* [Record extracts]:
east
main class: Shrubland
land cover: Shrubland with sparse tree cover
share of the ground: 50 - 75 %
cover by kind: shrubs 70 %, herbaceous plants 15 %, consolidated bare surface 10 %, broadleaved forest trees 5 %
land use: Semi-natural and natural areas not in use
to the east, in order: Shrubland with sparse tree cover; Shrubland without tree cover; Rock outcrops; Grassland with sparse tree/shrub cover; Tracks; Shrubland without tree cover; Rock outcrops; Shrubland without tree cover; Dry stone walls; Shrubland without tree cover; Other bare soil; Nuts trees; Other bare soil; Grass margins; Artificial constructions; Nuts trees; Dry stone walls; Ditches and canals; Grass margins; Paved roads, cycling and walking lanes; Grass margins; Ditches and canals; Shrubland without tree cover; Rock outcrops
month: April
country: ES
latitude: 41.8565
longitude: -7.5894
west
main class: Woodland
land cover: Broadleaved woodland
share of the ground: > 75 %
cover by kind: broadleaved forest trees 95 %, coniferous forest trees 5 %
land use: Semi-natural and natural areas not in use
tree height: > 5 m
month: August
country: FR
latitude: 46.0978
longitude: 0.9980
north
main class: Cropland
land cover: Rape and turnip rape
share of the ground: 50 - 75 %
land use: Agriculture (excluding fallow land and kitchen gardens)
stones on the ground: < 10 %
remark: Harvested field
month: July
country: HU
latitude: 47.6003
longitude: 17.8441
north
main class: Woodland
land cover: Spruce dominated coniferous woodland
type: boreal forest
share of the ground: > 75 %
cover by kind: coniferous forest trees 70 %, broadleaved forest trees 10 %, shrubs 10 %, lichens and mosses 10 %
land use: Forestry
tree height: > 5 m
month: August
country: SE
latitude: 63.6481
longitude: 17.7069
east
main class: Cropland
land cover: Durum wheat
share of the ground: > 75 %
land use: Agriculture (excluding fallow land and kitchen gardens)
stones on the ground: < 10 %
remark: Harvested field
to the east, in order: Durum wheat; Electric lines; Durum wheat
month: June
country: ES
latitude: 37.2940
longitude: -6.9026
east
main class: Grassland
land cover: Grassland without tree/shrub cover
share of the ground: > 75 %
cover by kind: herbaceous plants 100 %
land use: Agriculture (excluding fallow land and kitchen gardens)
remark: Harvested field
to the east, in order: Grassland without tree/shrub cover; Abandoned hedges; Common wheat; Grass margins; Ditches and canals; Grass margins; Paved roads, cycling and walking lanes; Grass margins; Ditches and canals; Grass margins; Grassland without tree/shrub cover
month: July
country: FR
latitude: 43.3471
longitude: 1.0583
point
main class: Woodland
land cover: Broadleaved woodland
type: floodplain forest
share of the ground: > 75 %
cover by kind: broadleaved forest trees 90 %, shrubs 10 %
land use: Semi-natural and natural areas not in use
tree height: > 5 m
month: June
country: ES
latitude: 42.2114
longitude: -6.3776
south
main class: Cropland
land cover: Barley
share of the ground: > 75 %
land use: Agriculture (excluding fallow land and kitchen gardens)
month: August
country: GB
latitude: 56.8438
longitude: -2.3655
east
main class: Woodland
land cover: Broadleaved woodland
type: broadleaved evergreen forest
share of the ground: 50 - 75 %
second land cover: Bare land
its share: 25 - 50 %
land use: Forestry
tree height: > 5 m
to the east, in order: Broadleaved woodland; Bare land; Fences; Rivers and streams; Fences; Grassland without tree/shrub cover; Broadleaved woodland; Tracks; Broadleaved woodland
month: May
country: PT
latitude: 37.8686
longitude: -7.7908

* [To do]: Exactly as shown above, write out all the records.

* [Expected answer]:
east
main class: Shrubland
land cover: Shrubland with sparse tree cover
share of the ground: 50 - 75 %
cover by kind: shrubs 70 %, herbaceous plants 15 %, consolidated bare surface 10 %, broadleaved forest trees 5 %
land use: Semi-natural and natural areas not in use
to the east, in order: Shrubland with sparse tree cover; Shrubland without tree cover; Rock outcrops; Grassland with sparse tree/shrub cover; Tracks; Shrubland without tree cover; Rock outcrops; Shrubland without tree cover; Dry stone walls; Shrubland without tree cover; Other bare soil; Nuts trees; Other bare soil; Grass margins; Artificial constructions; Nuts trees; Dry stone walls; Ditches and canals; Grass margins; Paved roads, cycling and walking lanes; Grass margins; Ditches and canals; Shrubland without tree cover; Rock outcrops
month: April
country: ES
latitude: 41.8565
longitude: -7.5894
west
main class: Woodland
land cover: Broadleaved woodland
share of the ground: > 75 %
cover by kind: broadleaved forest trees 95 %, coniferous forest trees 5 %
land use: Semi-natural and natural areas not in use
tree height: > 5 m
month: August
country: FR
latitude: 46.0978
longitude: 0.9980
north
main class: Cropland
land cover: Rape and turnip rape
share of the ground: 50 - 75 %
land use: Agriculture (excluding fallow land and kitchen gardens)
stones on the ground: < 10 %
remark: Harvested field
month: July
country: HU
latitude: 47.6003
longitude: 17.8441
north
main class: Woodland
land cover: Spruce dominated coniferous woodland
type: boreal forest
share of the ground: > 75 %
cover by kind: coniferous forest trees 70 %, broadleaved forest trees 10 %, shrubs 10 %, lichens and mosses 10 %
land use: Forestry
tree height: > 5 m
month: August
country: SE
latitude: 63.6481
longitude: 17.7069
east
main class: Cropland
land cover: Durum wheat
share of the ground: > 75 %
land use: Agriculture (excluding fallow land and kitchen gardens)
stones on the ground: < 10 %
remark: Harvested field
to the east, in order: Durum wheat; Electric lines; Durum wheat
month: June
country: ES
latitude: 37.2940
longitude: -6.9026
east
main class: Grassland
land cover: Grassland without tree/shrub cover
share of the ground: > 75 %
cover by kind: herbaceous plants 100 %
land use: Agriculture (excluding fallow land and kitchen gardens)
remark: Harvested field
to the east, in order: Grassland without tree/shrub cover; Abandoned hedges; Common wheat; Grass margins; Ditches and canals; Grass margins; Paved roads, cycling and walking lanes; Grass margins; Ditches and canals; Grass margins; Grassland without tree/shrub cover
month: July
country: FR
latitude: 43.3471
longitude: 1.0583
point
main class: Woodland
land cover: Broadleaved woodland
type: floodplain forest
share of the ground: > 75 %
cover by kind: broadleaved forest trees 90 %, shrubs 10 %
land use: Semi-natural and natural areas not in use
tree height: > 5 m
month: June
country: ES
latitude: 42.2114
longitude: -6.3776
south
main class: Cropland
land cover: Barley
share of the ground: > 75 %
land use: Agriculture (excluding fallow land and kitchen gardens)
month: August
country: GB
latitude: 56.8438
longitude: -2.3655
east
main class: Woodland
land cover: Broadleaved woodland
type: broadleaved evergreen forest
share of the ground: 50 - 75 %
second land cover: Bare land
its share: 25 - 50 %
land use: Forestry
tree height: > 5 m
to the east, in order: Broadleaved woodland; Bare land; Fences; Rivers and streams; Fences; Grassland without tree/shrub cover; Broadleaved woodland; Tracks; Broadleaved woodland
month: May
country: PT
latitude: 37.8686
longitude: -7.7908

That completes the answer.